By increasing the number of cycles of CO2 Huff and Puff techniques, increased oil production and increased oil recovery. The increase in oil recovery and cumulative oil production with increasing soaking period is not linear. This means that the study did not investigate the effect of the CO2 gas and puff method on reservoirs with significantly different permeability values.

On the potential of CO2 storage in a cyclic CO2 injection process for enhanced oil recovery. Fuel, 124, 14-27. Cyclic CO2 injection for heavy oil recovery in the Halfmoon field: laboratory evaluation and pilot performance.

Figure 29. Reservoir pressure at primary depletion.
Figure 29. Reservoir pressure at primary depletion.

Effect of different injection rates

Effect of Soaking Period

In this section, we investigated the effect of the soaking period on cumulative oil production and incremental oil recovery using a base scenario of 20% porosity and 200 md permeability, a CO2 injection rate of 80 tons per day, and three soaking periods of 0 days, 30 days and 60 days. Recovery factor, oil production and CO2 injection volume for different week periods Week Time Oil Recovery. The increase in cumulative oil production can be attributed to the increased contact time between the injected CO2 and the oil.

The longer the soaking period, the greater the chance for CO2 to diffuse into the oil, resulting in better recovery. In the case study, cumulative oil production increased from 81.95 MSTB after a 30-day soaking period to 82.45 MSTB after a 60-day soaking period. This means that the additional 30-day soaking period only resulted in an incremental oil recovery of 0.5 MSTB.

The difference between the week periods was 30 days since the time interval was chosen in 1 month. When the week periods were 0 and 90 days, the cumulative volume of CO2 produced was 1875 tons and 1915 tons, respectively. After a certain point, the incremental oil recovery and cumulative oil production can plateau as can be seen from Figure 35 or even decrease due to factors such as CO2.
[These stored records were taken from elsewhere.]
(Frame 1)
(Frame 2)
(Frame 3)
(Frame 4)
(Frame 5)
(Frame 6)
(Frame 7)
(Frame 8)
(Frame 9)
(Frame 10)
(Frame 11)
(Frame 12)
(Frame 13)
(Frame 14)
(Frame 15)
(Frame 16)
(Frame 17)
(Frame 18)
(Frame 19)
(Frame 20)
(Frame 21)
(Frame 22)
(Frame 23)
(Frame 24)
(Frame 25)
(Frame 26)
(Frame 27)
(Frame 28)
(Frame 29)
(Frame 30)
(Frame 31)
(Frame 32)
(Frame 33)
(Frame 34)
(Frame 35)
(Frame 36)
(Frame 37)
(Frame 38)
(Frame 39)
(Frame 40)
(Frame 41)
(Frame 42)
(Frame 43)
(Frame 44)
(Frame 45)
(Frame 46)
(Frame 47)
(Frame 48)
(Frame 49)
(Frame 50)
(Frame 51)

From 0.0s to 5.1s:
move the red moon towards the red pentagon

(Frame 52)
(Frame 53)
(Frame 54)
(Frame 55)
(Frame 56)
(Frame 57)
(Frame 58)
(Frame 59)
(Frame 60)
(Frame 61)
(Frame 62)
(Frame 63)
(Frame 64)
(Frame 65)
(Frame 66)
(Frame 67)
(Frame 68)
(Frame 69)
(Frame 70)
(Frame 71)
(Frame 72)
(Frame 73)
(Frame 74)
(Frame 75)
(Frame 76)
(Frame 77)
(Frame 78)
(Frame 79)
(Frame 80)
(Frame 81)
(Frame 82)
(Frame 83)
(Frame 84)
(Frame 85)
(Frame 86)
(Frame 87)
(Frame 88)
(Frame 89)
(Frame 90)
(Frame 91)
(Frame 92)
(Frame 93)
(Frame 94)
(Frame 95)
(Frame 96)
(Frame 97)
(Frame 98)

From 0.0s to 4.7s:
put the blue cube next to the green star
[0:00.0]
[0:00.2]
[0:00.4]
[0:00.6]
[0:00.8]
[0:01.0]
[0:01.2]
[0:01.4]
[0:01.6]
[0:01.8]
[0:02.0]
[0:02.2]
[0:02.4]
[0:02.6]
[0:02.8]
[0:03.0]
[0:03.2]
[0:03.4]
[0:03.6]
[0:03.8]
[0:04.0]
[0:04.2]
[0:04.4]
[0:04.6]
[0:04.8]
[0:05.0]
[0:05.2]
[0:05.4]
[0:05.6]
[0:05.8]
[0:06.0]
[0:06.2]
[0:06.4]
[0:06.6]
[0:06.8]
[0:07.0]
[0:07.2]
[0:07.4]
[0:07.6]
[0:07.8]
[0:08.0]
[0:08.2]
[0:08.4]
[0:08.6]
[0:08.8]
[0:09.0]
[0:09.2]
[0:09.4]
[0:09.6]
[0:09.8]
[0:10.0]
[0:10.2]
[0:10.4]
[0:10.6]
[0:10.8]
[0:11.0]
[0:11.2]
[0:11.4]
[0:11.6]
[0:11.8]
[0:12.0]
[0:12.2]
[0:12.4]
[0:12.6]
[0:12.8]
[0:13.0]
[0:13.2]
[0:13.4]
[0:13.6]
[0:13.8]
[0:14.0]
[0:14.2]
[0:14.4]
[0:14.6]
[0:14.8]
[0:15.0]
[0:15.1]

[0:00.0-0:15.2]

Figure 36. Cumulative Gas produced and injected vs. Time
Figure 36. Cumulative Gas produced and injected vs. Time

Economic Analysis

This is because the increase in injection rate leads to more efficient oil recovery from the reservoir, resulting in higher turnover. Based on the case studies, the optimal parameters for the CO2 huff-n-puff method were chosen. By increasing the number of cycles in the CO2huff-n-puff method, the oil production and recovery factor can be increased because it allows for more efficient utilization of the injected CO2.

This may affect the efficiency of the CO2 Huff and Puff method in other tight oil reservoirs that have less reservoir depth. As a result, the effect of the CO2 Huff and Puff method on more permeable reservoirs may not appear to be fully covered. For example, in case 1, for all baseline scenarios, oil recovery remained at 6.54% with no difference when permeability was increased.

Need for more complicated simulation: The complexity of the gas and CO2 blowing method and the dynamic nature of the reservoirs make it difficult to accurately simulate the process. It is recommended to optimize the number of cycles, CO2 injection rate and soak period based on reservoir characteristics to achieve maximum oil recovery. Analysis of heavy oil-carbon dioxide emulsion system on oil swelling factor and interfacial tension using hanging drop method for enhanced oil recovery and carbon dioxide storage.

Table 20. The profit, revenue and cost for case 1
Table 20. The profit, revenue and cost for case 1

Gambar

Figure 1. Three stages of the CO 2 huff ‘n’ puff process.
Figure 2. Viscosity reduction coefficient and solubility in the heavy oil- CO 2 system at various temperatures and pressures.
Figure 3. The oil swelling coefficient in the heavy oil- CO 2 system at various temperatures and pressures.
Figure 4. Diffusion coefficient and CO solubility at various pressures and temperatures.